# 90' Nissan Stanza, misfire, tranny slippage



## dexter_d3xt3r (Jun 7, 2006)

Ok, I know a some about vehicles, but not as much as all of you, I am assuming. LOL.. Here's the issue

I have a 1990 Nissan Stanza GXE, Auto tranny.

Here's the big issue.. If I start the car in the morning, after sitting for a while, the car runs fine.. But if I re-start afer about a hour, it will miss on cyl #4. Replaced plugs, checked wires, not the issue.. Looks like a little oil is leaking from the valve cover gasket, maybe towards the distributor, the cap looks a little loose... But why intermidently? Odd..

A while back the vehicle RPM limiter would hold it below 2300 RPM, but the problem cleared up after a day.

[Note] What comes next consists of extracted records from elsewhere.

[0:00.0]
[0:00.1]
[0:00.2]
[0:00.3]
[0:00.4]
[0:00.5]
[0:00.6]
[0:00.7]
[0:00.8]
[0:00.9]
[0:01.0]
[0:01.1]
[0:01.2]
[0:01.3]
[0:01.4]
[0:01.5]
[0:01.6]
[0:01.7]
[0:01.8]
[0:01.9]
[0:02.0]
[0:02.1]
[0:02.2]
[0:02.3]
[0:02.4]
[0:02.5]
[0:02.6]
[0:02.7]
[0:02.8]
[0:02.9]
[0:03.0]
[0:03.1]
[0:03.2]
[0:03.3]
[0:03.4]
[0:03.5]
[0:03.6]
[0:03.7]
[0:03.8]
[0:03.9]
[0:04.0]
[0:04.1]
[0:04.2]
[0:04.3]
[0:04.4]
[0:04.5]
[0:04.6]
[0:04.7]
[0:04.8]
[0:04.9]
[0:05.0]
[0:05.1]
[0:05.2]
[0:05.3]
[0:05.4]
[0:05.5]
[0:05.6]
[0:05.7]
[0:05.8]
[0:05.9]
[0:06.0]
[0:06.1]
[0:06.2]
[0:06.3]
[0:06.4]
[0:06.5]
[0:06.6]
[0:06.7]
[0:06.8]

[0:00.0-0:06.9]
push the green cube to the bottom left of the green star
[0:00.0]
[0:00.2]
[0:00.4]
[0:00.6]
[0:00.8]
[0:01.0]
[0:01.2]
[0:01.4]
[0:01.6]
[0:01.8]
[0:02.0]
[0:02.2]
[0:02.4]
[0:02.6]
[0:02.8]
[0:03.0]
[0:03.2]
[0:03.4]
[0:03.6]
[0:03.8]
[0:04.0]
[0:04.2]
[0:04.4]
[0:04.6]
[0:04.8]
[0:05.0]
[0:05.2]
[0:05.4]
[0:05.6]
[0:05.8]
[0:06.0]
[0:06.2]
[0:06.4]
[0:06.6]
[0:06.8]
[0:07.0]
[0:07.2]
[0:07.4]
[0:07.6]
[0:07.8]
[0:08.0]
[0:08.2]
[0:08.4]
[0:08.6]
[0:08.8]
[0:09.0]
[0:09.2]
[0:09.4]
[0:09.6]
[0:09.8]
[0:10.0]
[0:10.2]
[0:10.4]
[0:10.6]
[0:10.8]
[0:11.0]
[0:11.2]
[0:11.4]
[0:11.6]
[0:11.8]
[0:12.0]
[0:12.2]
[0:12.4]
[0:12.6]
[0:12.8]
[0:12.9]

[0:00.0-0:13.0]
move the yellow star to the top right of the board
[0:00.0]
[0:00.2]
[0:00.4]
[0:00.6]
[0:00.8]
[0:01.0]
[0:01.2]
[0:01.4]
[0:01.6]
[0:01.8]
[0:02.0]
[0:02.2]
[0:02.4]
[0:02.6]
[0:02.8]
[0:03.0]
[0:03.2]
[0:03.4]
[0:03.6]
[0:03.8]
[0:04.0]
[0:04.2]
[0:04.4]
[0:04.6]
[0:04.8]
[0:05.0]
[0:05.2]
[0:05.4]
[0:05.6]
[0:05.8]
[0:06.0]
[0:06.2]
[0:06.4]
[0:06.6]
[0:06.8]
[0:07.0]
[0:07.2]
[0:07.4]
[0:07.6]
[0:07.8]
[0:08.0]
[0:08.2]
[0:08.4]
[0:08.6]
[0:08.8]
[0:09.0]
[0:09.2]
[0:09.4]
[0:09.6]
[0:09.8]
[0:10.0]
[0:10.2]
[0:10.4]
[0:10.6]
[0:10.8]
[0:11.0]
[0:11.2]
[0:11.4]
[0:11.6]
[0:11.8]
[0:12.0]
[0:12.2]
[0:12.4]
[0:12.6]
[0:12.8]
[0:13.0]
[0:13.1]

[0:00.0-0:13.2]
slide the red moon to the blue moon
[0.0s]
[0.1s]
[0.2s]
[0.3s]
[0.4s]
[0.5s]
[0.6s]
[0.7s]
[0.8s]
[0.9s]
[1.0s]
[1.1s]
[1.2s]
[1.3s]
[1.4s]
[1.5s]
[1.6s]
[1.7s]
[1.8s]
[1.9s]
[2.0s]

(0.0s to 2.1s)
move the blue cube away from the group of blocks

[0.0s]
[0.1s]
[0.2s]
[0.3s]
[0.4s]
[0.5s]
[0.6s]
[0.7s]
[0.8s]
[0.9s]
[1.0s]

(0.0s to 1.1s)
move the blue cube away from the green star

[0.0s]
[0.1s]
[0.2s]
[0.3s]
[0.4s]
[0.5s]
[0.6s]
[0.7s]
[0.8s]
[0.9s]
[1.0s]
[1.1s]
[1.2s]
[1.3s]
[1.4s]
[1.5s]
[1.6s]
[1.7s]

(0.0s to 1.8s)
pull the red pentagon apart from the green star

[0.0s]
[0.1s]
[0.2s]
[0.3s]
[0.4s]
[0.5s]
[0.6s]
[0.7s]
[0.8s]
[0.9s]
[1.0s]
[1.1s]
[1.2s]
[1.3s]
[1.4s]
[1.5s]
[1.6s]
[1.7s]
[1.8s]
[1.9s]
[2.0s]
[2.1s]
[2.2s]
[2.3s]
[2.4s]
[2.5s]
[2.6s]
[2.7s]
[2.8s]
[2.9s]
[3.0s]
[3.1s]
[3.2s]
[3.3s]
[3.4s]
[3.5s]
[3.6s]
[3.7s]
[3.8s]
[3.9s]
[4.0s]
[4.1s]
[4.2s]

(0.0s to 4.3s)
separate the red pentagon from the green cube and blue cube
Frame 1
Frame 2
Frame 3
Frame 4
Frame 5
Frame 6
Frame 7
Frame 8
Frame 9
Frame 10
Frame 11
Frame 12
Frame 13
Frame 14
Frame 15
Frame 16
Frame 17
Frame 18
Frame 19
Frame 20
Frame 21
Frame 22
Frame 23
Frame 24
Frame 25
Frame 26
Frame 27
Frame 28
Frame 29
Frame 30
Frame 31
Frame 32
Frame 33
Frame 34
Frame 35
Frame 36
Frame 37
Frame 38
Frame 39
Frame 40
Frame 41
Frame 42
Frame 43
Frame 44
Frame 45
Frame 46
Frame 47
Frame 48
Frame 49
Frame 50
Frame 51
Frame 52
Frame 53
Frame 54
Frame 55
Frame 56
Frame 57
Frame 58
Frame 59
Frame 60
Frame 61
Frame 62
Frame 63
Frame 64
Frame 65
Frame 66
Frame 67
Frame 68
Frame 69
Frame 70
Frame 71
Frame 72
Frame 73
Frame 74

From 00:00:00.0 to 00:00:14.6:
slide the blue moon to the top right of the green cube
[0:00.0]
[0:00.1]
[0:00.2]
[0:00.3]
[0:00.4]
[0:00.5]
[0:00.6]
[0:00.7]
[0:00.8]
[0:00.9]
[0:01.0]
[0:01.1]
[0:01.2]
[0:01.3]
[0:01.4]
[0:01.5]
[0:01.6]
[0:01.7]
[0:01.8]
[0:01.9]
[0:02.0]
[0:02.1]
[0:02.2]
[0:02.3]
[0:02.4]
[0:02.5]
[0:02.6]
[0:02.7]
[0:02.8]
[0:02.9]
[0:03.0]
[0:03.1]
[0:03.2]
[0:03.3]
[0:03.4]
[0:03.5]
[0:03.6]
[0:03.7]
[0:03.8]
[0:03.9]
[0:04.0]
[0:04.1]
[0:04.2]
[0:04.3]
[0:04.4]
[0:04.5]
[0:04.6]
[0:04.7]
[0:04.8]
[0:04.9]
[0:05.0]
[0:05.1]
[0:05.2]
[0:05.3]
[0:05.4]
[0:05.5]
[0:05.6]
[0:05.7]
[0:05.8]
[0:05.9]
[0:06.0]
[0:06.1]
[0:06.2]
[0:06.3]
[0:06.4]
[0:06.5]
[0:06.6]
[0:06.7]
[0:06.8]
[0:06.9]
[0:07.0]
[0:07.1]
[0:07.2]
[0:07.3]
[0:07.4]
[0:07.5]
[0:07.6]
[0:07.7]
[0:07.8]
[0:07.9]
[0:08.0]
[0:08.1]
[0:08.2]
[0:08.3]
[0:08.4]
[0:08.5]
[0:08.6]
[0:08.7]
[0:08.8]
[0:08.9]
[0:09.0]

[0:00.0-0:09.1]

I transmission seems to be ok some of the time, at low speeds, but when the vehicle shifts into overdrive, the transmission does not want to hold gear.. If I step on the gas even a little more than required to sustain speed, the transmission partially slips out of gear, and revs, at times it feels as if it is going into a passing gear, but then slips out of that as well, it almost red-line before shifting into 3rd.. So I got used to it, and drive it like it's normal LOL... In the tranny fluid, I see POSSIBLY metal shavings, and possibly a little burnt smell.. Seems that the tranny fluid is WAY TO HIGH.. But the motor mounts are partially shot, seeming that possibly the transmission is sitting at a odd angle... Not really a big issue until it goes..

Any ideas? Leave a commment if you want.


----------



## edeprez (Aug 2, 2006)

*Same problem with 92' stanza*

That would be great if someone knew what is causing this problem, because i have another 92' stanza sitting around for parts. I guess i could just swap the transmissions but that is a lot of work, hopefully there is a better option than that. 

If i were you i wouldn't get too worked up about the slipping, because i have drove my car like that for the last 15k miles


----------